Is it possible to access and edit the graph on the go?
What I mean is the following:
Say, we have variables a and b and we can compute c as a function of a and b, i.e. c = f(a, b). For the forward propagation we need to know a, b and the function and for the backward we need the derivative of the function and then any partial derivatives coming that way.
What if, the function f was too expensive and instead of calculating c based on the function f, we had a way around, say function g. Now, we can’t use function g in our computations as g is not differentiable whereas f is. Is there any way to embed this output c (based on g) for the forward propagation but still use f during backward propagation?
I hope the explanation is clear enough. Let me know if it’s not!
If the forward computation of f is too expensive, why is it’s backward feasible? If you use the autograd, the backward will have a similar runtime. You have a simple formula for it?
If the forward computation of f is too expensive, why is it’s backward feasible? If you use the autograd, the backward will have a similar runtime. You have a simple formula for it?
F is expensive (both computationally and memory wise) but it’s not that it’s intractable. Plus, I can’t use g for backpropagation as it’s not differentiable.
Is it possible to manually replace the derivative of dg with df?
One the one hand I have bilinear sampling which is our f and the other hand since I know that in my case bilinear sampling will only be used for cropping, I can manually crop the region (which I denoted as g).
However, since I want the gradient to go through to allow the model to learn how to crop on its own, I have to use a differentiable function. Note that there are a few more details that make bilinear samping much more expensive than straightforward cropping.

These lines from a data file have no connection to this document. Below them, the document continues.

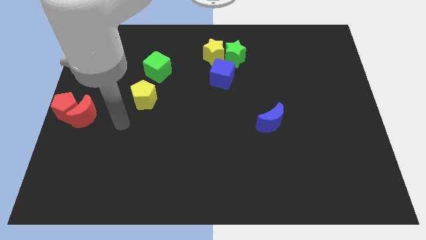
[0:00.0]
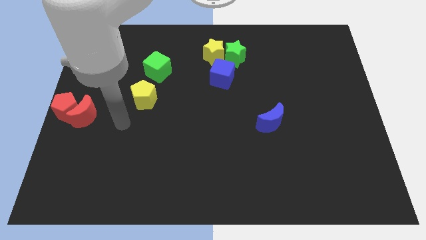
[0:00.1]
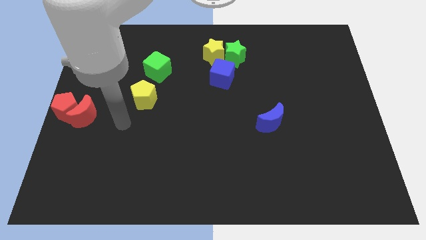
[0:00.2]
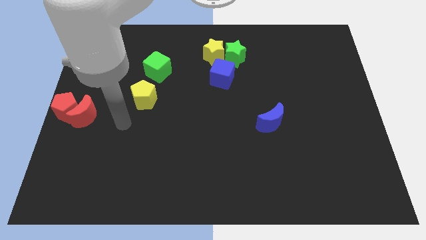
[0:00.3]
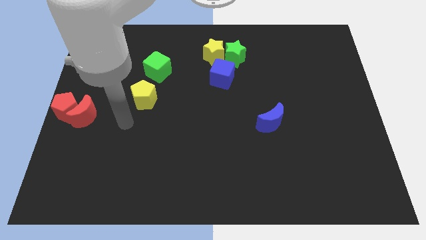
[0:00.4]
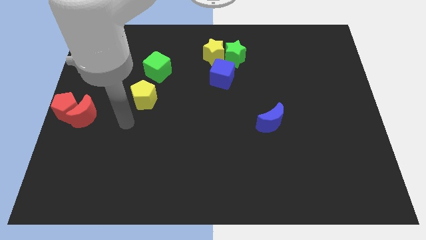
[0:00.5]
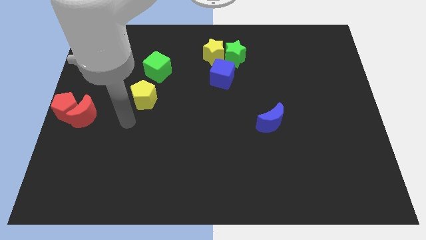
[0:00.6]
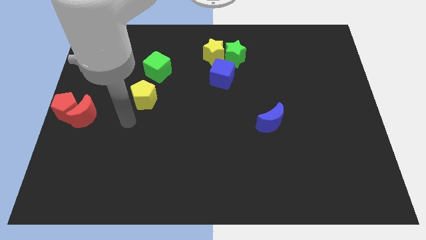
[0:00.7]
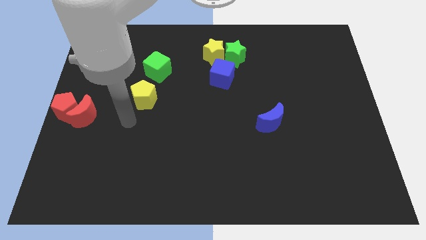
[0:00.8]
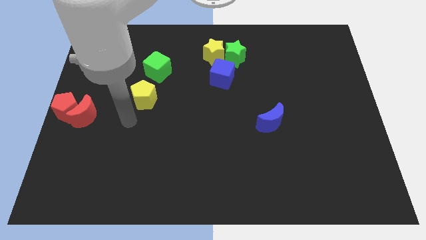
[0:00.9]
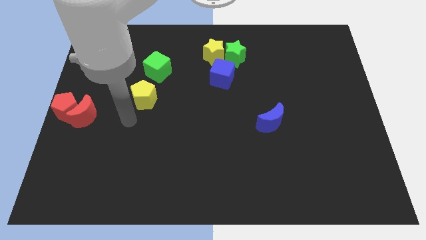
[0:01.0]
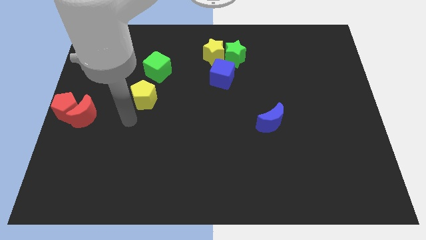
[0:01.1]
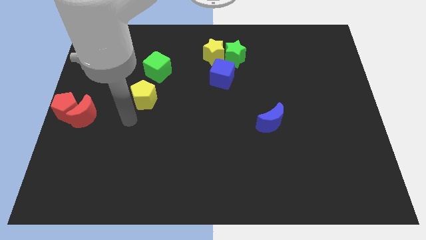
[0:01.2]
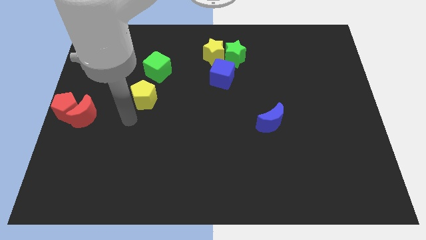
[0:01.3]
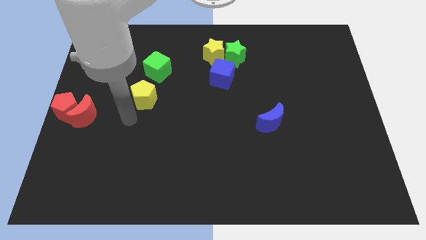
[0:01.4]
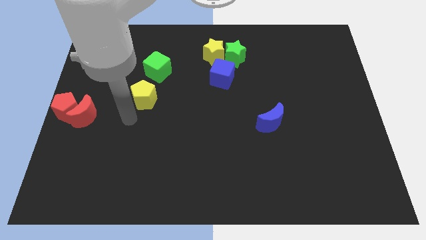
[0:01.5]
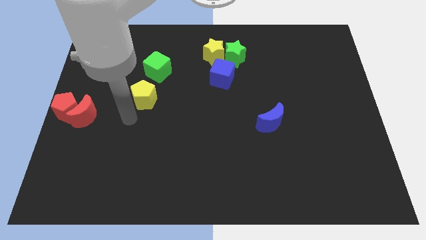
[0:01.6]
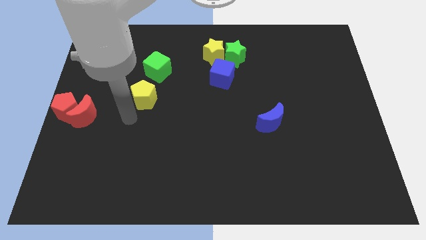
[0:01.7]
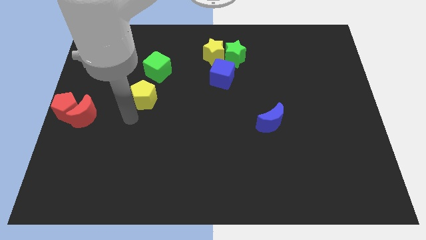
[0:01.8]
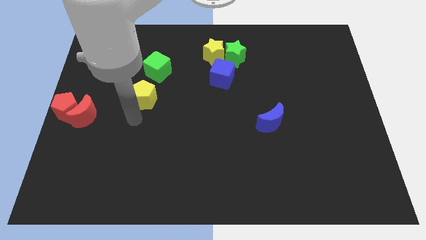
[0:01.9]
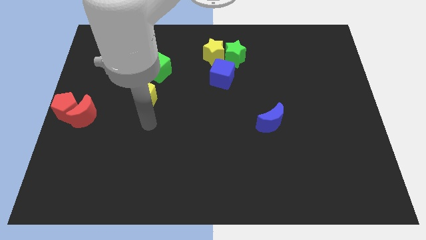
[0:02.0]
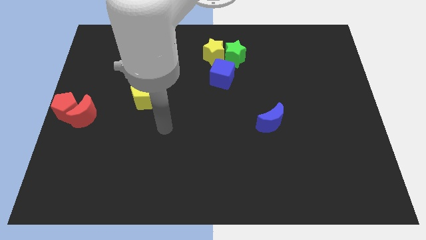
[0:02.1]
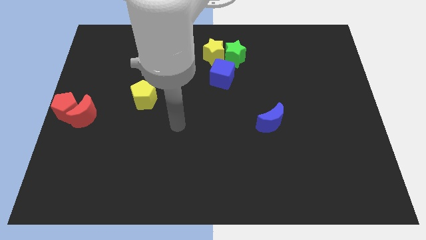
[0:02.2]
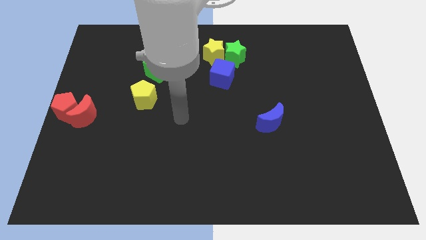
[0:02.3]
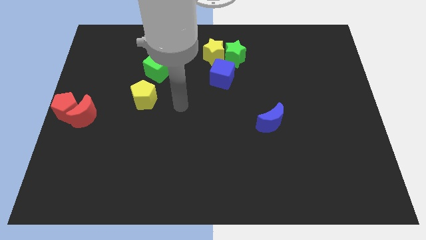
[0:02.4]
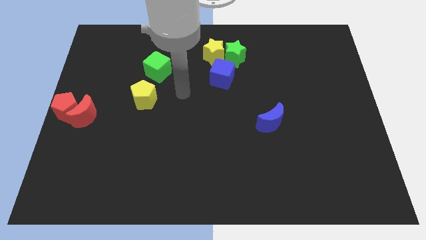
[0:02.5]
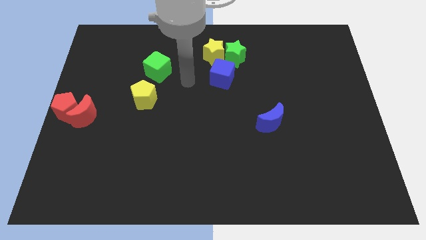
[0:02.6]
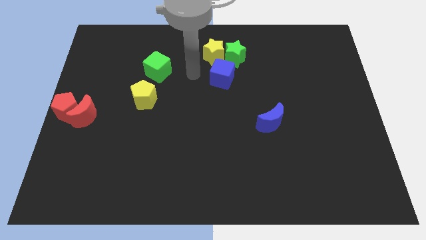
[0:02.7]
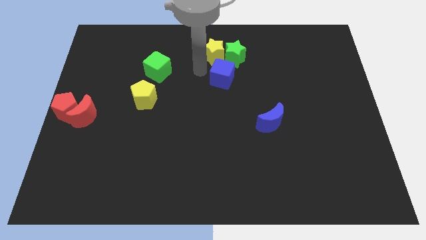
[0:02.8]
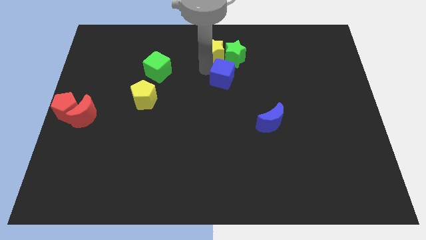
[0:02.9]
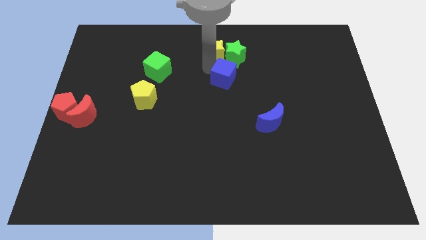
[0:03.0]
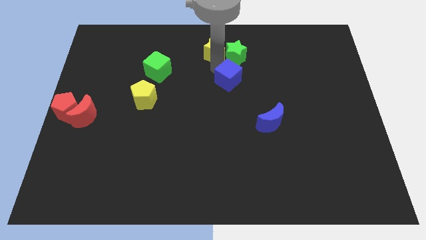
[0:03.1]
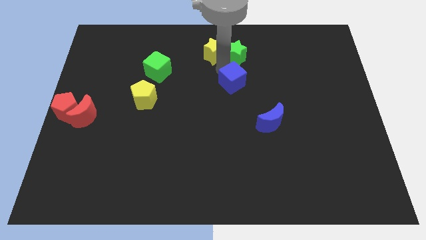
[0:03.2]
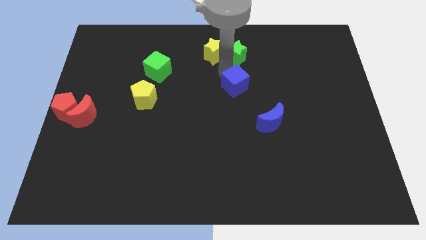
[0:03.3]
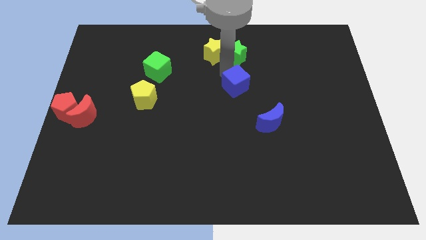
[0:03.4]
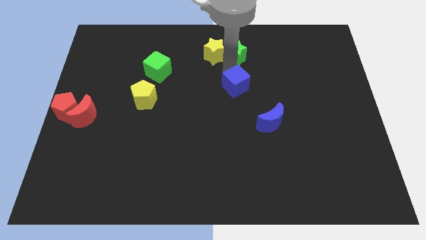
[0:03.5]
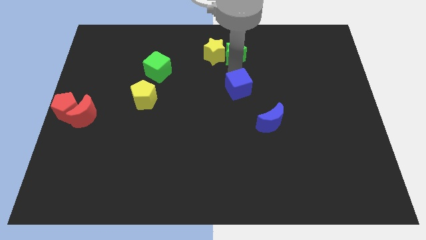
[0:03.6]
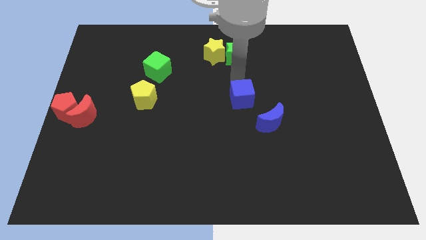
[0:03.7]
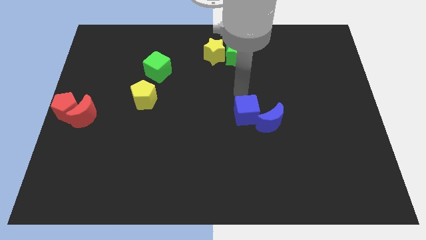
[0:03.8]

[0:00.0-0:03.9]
move blue cube into the blue moon

I guess the simplest way is to implement a custom autograd function here:
class CheapF(autograd.Function):
@staticmethod
def forward(ctx, *args):
return g(*args)
@staticmethod
def backward(ctx, *grad_outs):
return f_backward(*grad_outs)
# Use it as
outputs = CheapF.apply(inputs)
Note that you will need to implement the backward of f yourself. You cannot rely on the autograd to do it for you as you never computed the forward operation.